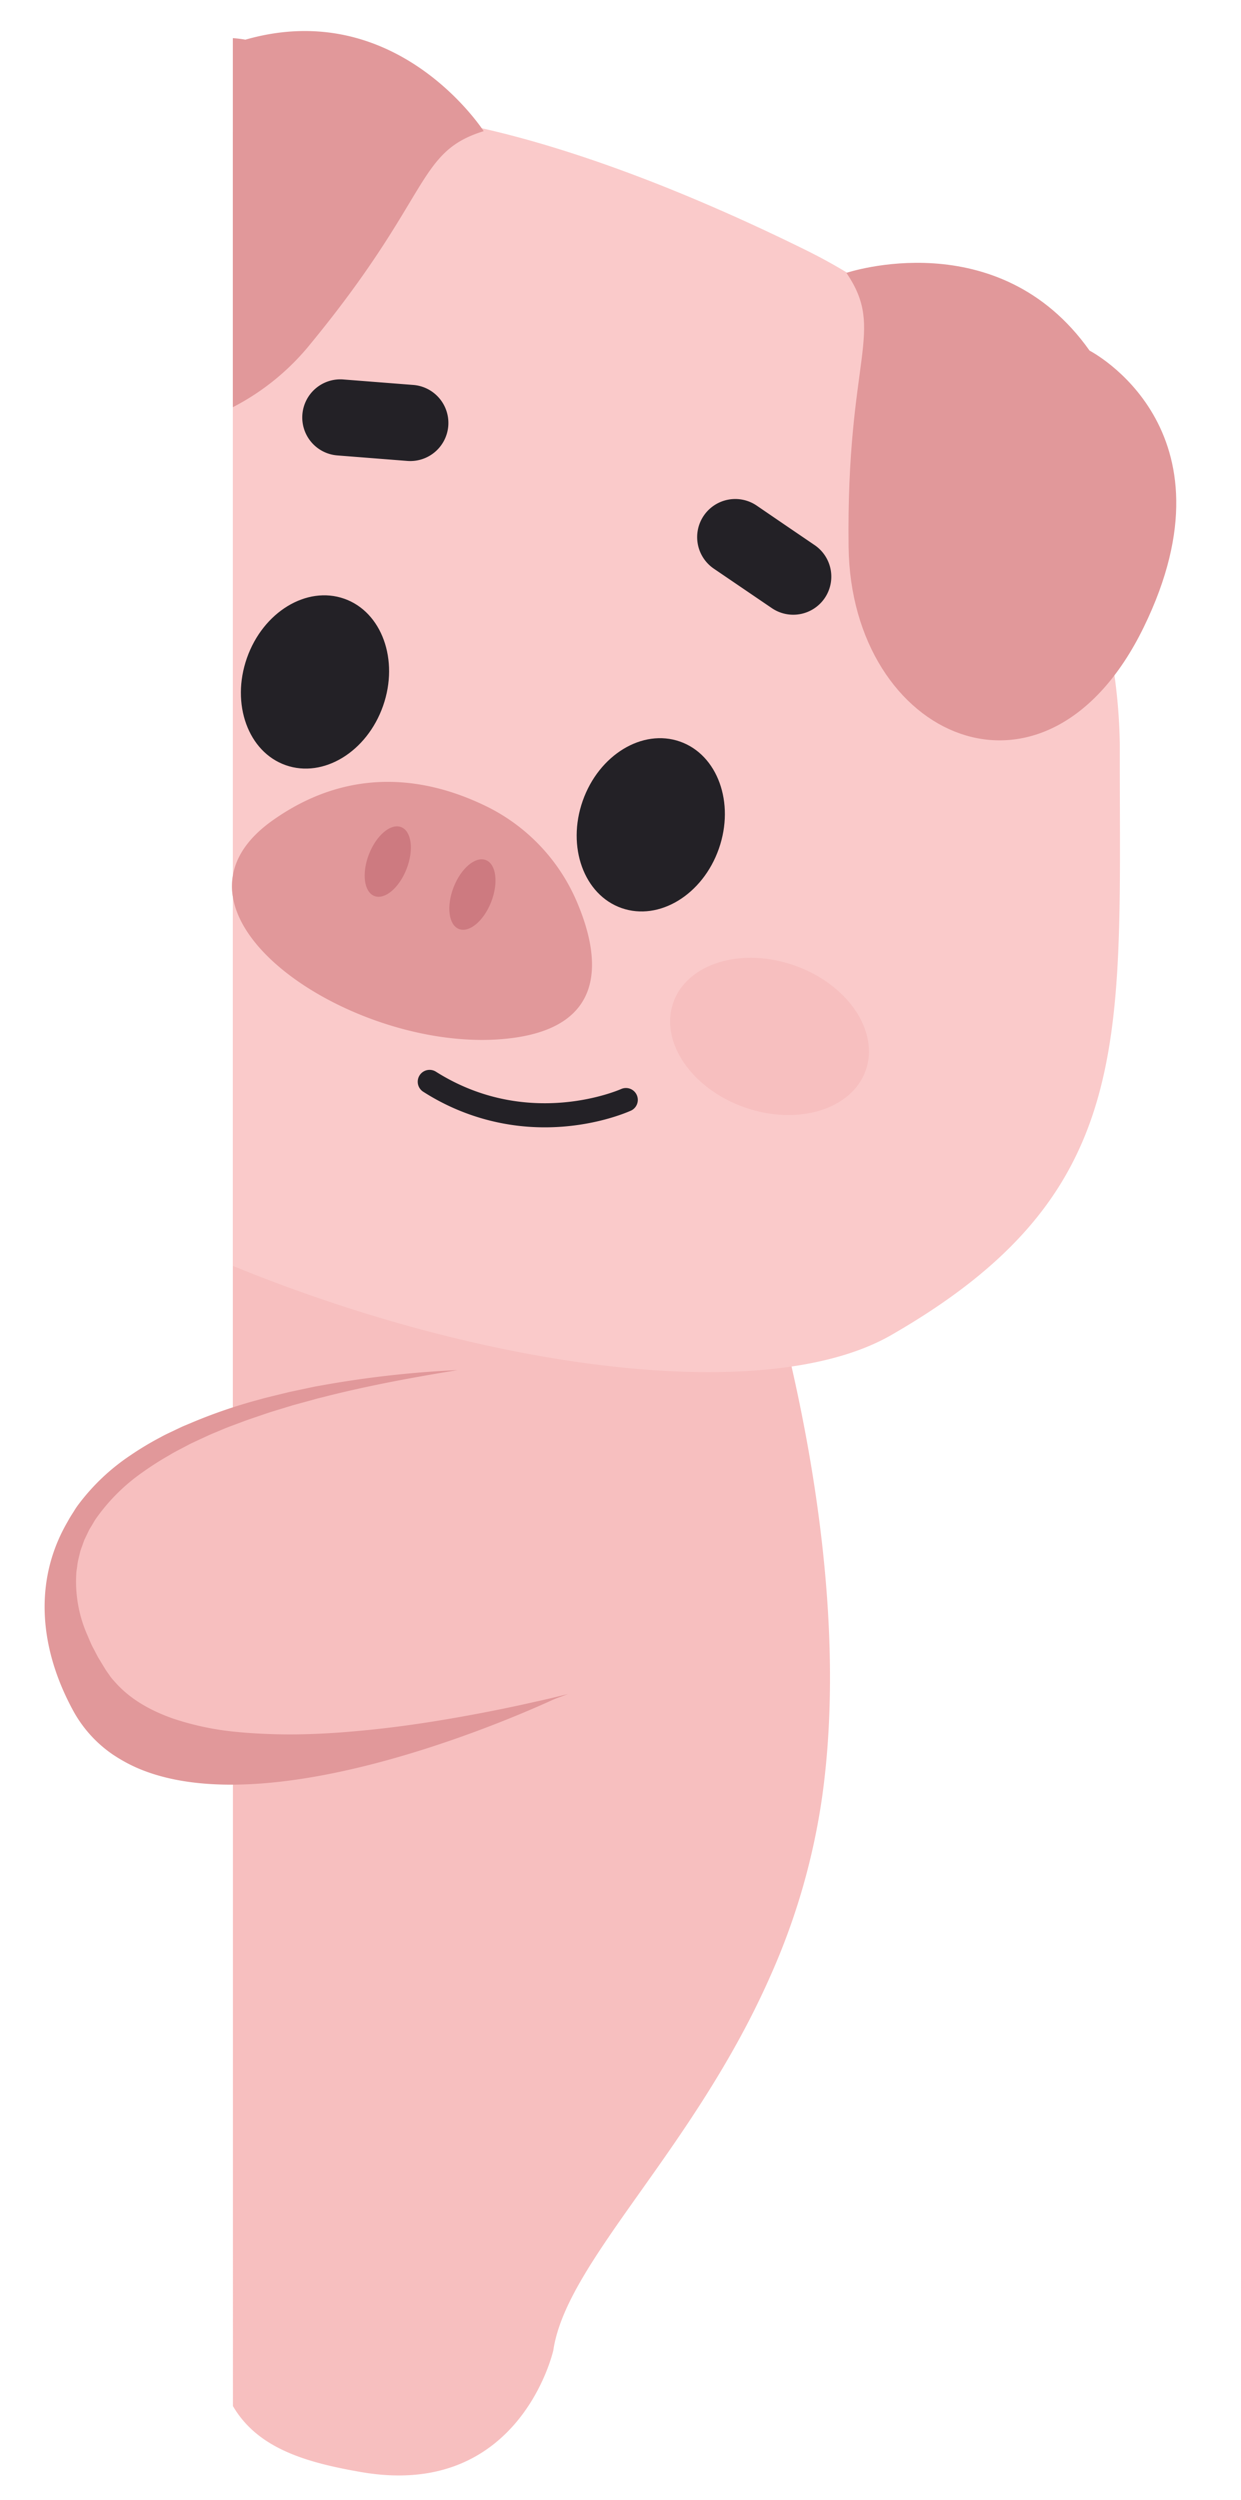 <?xml version="1.0" encoding="UTF-8"?>
<!DOCTYPE svg PUBLIC '-//W3C//DTD SVG 1.0//EN'
          'http://www.w3.org/TR/2001/REC-SVG-20010904/DTD/svg10.dtd'>
<svg height="1103.8" preserveAspectRatio="xMidYMid meet" version="1.0" viewBox="-19.7 -13.7 548.3 1103.8" width="548.3" xmlns="http://www.w3.org/2000/svg" xmlns:xlink="http://www.w3.org/1999/xlink" zoomAndPan="magnify"
><g data-name="Layer 2"
  ><g data-name="Layer 1"
    ><g id="change1_1"
      ><path d="M343.66,778.83a296.33,296.33,0,0,1-22.89,79.72c-33.9,77-90.19,126.18-96,165.49,0,0-14.7,66-85,53.75-24-4.17-45.6-10.3-56.56-29.14V765.86a66.8,66.8,0,0,1-8.1-4c-1.36-.78-2.67-1.61-4-2.49a56,56,0,0,1-17.7-19.72c-17.5-32.31-17-66.12,4.48-92.92.44-.56.9-1.11,1.38-1.66a103,103,0,0,1,23.9-20.42V388L85,389l107.25,56.51,55.95,29.48,57.69,30.4s12.83,34.52,24.15,84.33C342.17,643,352.59,714,343.66,778.83Z" fill="#f7bfbf"
      /></g
      ><g id="change2_1"
      ><path d="M374.12,575.75c-11.8,6.79-26.76,11.37-44.09,13.92-63.55,9.39-158.88-8.44-246.86-44.44v-163a28.4,28.4,0,0,1,0-9.2V44.51a217,217,0,0,1,24.06-6.27c25.26-5,55.11-2.27,85.89,4.67C243.69,54.32,296.75,77.22,336,96.56q9.54,4.69,18.55,10.14c64.14,38.61,107.76,104,118.14,177.78a246.25,246.25,0,0,1,2.36,30.36c0,1.57,0,3.16,0,4.74C475,446.71,482.12,513.7,374.12,575.75Z" fill="#facaca"
      /></g
      ><g id="change3_1"
      ><path d="M113.9,169.3h0A16.82,16.82,0,0,1,132,153.85l30.9,2.42a16.83,16.83,0,0,1,15.46,18.09h0a16.84,16.84,0,0,1-18.09,15.46l-15-1.18-15.89-1.25A16.81,16.81,0,0,1,113.9,169.3Z" fill="#232126"
      /></g
      ><g id="change3_2"
      ><path d="M291.23,214h0a16.84,16.84,0,0,0,4.45,23.38l25.63,17.43a16.82,16.82,0,0,0,23.37-4.44h0A16.83,16.83,0,0,0,340.24,227l-12.45-8.47-13.18-9A16.84,16.84,0,0,0,291.23,214Z" fill="#232126"
      /></g
      ><g id="change1_2"
      ><ellipse cx="320.29" cy="443.9" fill="#f7bfbf" rx="33.21" ry="45.07" transform="rotate(-70.64 320.304 443.903)"
      /></g
      ><g id="change4_1"
      ><path d="M194,44.21c-29.86,9.23-22.79,28.58-76.43,93.82A107.18,107.18,0,0,1,83.17,166.1V3.14a48.05,48.05,0,0,1,5.54.68C149.9-13.71,187,34.3,193.12,42.91,193.71,43.75,194,44.21,194,44.21Z" fill="#e1989a"
      /></g
      ><g id="change4_2"
      ><path d="M354.28,106.78s67.09-22.63,107.42,34.34c0,0,66.91,34.23,23.86,122.25s-129.28,48.86-130.33-35.59S371.8,132.66,354.28,106.78Z" fill="#e1989a"
      /></g
      ><g id="change3_3"
      ><ellipse cx="267.82" cy="350.47" fill="#232126" rx="38.96" ry="31.88" transform="rotate(-70.64 267.834 350.474)"
      /></g
      ><g id="change3_4"
      ><ellipse cx="119.46" cy="287.4" fill="#232126" rx="38.96" ry="31.88" transform="rotate(-70.64 119.471 287.397)"
      /></g
      ><g id="change3_5"
      ><path d="M221,484.06a99.35,99.35,0,0,1-53.57-15.63,5.24,5.24,0,1,1,5.59-8.86c40.92,25.77,81.39,7.72,81.8,7.54a5.24,5.24,0,0,1,4.39,9.51C258.09,477.12,242.7,484.06,221,484.06Z" fill="#232126"
      /></g
      ><g id="change4_3"
      ><path d="M207.19,444.55a103.6,103.6,0,0,1-14.95.91c-45-.4-96.14-27.25-107.25-56.51a34.15,34.15,0,0,1-1.82-6.75,28.4,28.4,0,0,1,0-9.2c1.42-8.62,7-17.08,18-24.76,37.38-26.21,72.94-16.45,95.07-5.4a83.38,83.38,0,0,1,39.31,42.53C245,408,249.42,438.79,207.19,444.55Z" fill="#e1989a"
      /></g
      ><g id="change5_1"
      ><ellipse cx="151.63" cy="366.7" fill="#cd7a80" rx="16.32" ry="8.92" transform="rotate(-68.72 151.639 366.708)"
      /></g
      ><g id="change5_2"
      ><path d="M197.33,384.5c-3.27,8.39-9.64,13.75-14.23,12s-5.66-10.05-2.39-18.45,9.64-13.75,14.23-12S200.6,376.1,197.33,384.5Z" fill="#cd7a80"
      /></g
      ><g id="change4_4"
      ><path d="M227.71,735.36l-.14.06h0c-4.64,2.21-122.38,57.88-185.34,32.05a66.8,66.8,0,0,1-8.1-4c-1.36-.78-2.67-1.61-4-2.49a55.84,55.84,0,0,1-17.7-19.72C-5,709-4.6,675.18,16.94,648.38c.44-.56.9-1.11,1.37-1.66A103.28,103.28,0,0,1,42.22,626.3c20.69-13.07,49.33-22.71,86.57-27a402.19,402.19,0,0,1,43.46-2.56Z" fill="#e1989a"
      /></g
      ><g id="change1_3"
      ><path d="M231.31,734.26S63.23,788.81,22.76,726.64c-42.43-65.19,10.86-120.08,159.77-135.42Z" fill="#f7bfbf"
      /></g
      ><g id="change4_5"
      ><path d="M231.31,734.26c-9.32,3.54-18.82,6.58-28.39,9.41s-19.26,5.31-29,7.58c-19.5,4.38-39.33,7.75-59.48,9a212.75,212.75,0,0,1-30.4-.06,133.8,133.8,0,0,1-30.37-5.63C43.73,751.32,34,746.3,26,738.68c-1-.93-1.91-2-2.86-3s-1.75-2.12-2.62-3.18-1.62-2.26-2.35-3.38l-2-3.32c-.66-1.13-1.39-2.2-2-3.36L12.36,719c-1.28-2.28-2.24-4.75-3.31-7.16A68.74,68.74,0,0,1,3.7,680.31c.07-1.36.36-2.7.54-4a30.33,30.33,0,0,1,.77-4l1-4c.41-1.3.93-2.56,1.4-3.84l.72-1.91c.25-.63.58-1.22.87-1.83l1.8-3.64c.66-1.18,1.4-2.3,2.11-3.44a31.83,31.83,0,0,1,2.25-3.33A93.41,93.41,0,0,1,38,628.83a134.63,134.63,0,0,1,13.21-7.93c2.23-1.26,4.57-2.27,6.86-3.39,1.15-.53,2.29-1.11,3.46-1.61l3.51-1.47a228,228,0,0,1,28.64-9.86l3.63-1,3.66-.9,7.32-1.78,7.36-1.56,3.67-.78,3.7-.66a457.26,457.26,0,0,1,59.49-6.65c-19.66,3.22-39.22,6.8-58.4,11.67l-3.6.89-3.58,1-7.14,1.94-7.08,2.16-3.53,1.09-3.49,1.19c-2.32.81-4.67,1.56-7,2.41l-6.89,2.57c-2.29.87-4.53,1.87-6.79,2.79s-4.47,2-6.68,3l-3.31,1.55c-1.09.52-2.15,1.12-3.23,1.67-2.14,1.15-4.33,2.2-6.38,3.48a136.35,136.35,0,0,0-12.17,7.75,83.69,83.69,0,0,0-20,19.68,24.4,24.4,0,0,0-1.85,2.89c-.58,1-1.21,1.94-1.75,2.94l-1.47,3.07c-.23.52-.52,1-.71,1.54l-.57,1.59c-.37,1.07-.8,2.11-1.12,3.19L15,674.51a21.86,21.86,0,0,0-.59,3.31c-.12,1.12-.37,2.21-.41,3.34a58.6,58.6,0,0,0,4.74,26.73c.95,2.14,1.76,4.32,2.92,6.39l1.63,3.13c.53,1.05,1.21,2,1.8,3.06l1.84,3c.63,1,1.28,1.83,1.9,2.76S30.23,728,31,728.86s1.5,1.66,2.3,2.43c6.37,6.32,14.69,10.75,23.56,13.85A124.71,124.71,0,0,0,84.86,751c4.82.49,9.68.76,14.56.94s9.77.21,14.68.1,9.81-.34,14.72-.67,9.82-.79,14.73-1.27c9.82-1,19.62-2.33,29.4-3.91s19.54-3.38,29.27-5.36q7.29-1.49,14.57-3.15C221.64,736.64,226.48,735.47,231.31,734.26Z" fill="#e1989a"
      /></g
    ></g
  ></g
></svg
>

Directions.
Across the listing, count every line with "name" in it and give the number only.

Response area.
2